Politically, what was going on at that time, of course, was the Cold War was ending, and there was this question of what the government's involvement would be in directing technology, in industrial policy. Some people were adamant that the government should not be involved in industrial policy, picking winners and losers.
Were those people made more powerful by the end of the Cold War? Was there less support for the industrial policy DARPA was doing as the Cold War ended?
I don't think DARPA conceived of what it was doing as industrial policy at all. DARPA was interested in enhancing defense capabilities. And one of the techniques for doing that was to have a strong industrial base in whatever the technology was that defense needed. And it wasn't just a technology baked with the big contractors, but a vibrant national industry that we were interested in, and getting beyond the narrow, kept cadre of contractors that DOD normally does business with. In any event we had this first agreement, which I've written about, was managed by Arati Prabhakar, who later became the director of DARPA and is now science advisor to the president.
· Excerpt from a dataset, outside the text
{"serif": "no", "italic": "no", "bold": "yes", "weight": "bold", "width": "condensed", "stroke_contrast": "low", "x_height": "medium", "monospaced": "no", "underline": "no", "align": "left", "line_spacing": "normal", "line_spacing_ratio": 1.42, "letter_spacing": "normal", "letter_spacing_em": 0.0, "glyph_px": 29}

She managed the technical aspect of it, and I partnered to get the agreement negotiated. The agreement looked nothing like a procurement contract. It was about five pages long. The way she conducted oversight was she went out to California and sat in on the company's board of directors.
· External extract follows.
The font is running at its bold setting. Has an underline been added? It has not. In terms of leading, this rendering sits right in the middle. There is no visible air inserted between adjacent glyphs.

It was just completely different from the way the government normally does it. Because we were supporting a VC firm, we wrote into the agreement that, if the project is successful and goes to market, the government will receive a payback, and the payback can either be a royalty on product sales, or the company's increase in value can be prorated to the government investment and the government will be paid.
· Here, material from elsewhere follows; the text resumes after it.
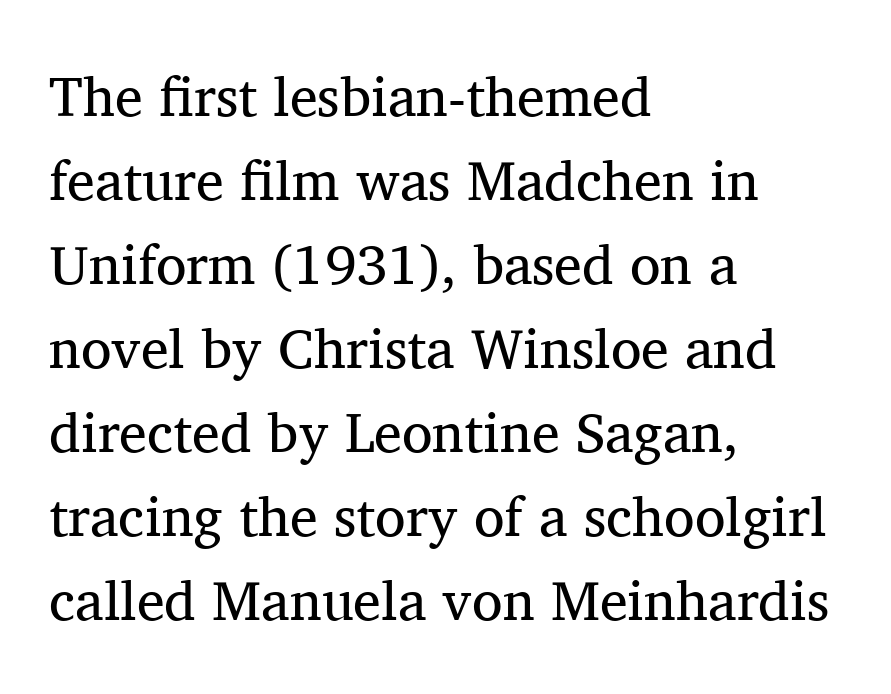
The image shows 56 px regular-weight serif type, upright; set left-aligned, normal line spacing (1.5x), normal letter spacing, not underlined; medium stroke contrast and a medium x-height.

So there were options, but the point was the government could make money out of the deal.
Because you were putting in money before this was a mature company, right?
It had no products, it was entirely VC-supported, and we were basically acting as your next stage of VC, so we were going to get compensated in that way. When the company publicized it, it looked like the government had taken an equity interest in the company, and that was enough to cause a firestorm. There was a paper published in the Harvard Business Review that quoted Vice President Cheney [then the Secretary of Defense] saying if Dr. Craig Fields, the director of DARPA, stuck his neck out one more time, he was going to find his head chopped off. This was the occasion to do that. Of course, he was a senior executive and the government could move him where they wanted to – he wasn't fired, but he was moved to a closet in the Pentagon.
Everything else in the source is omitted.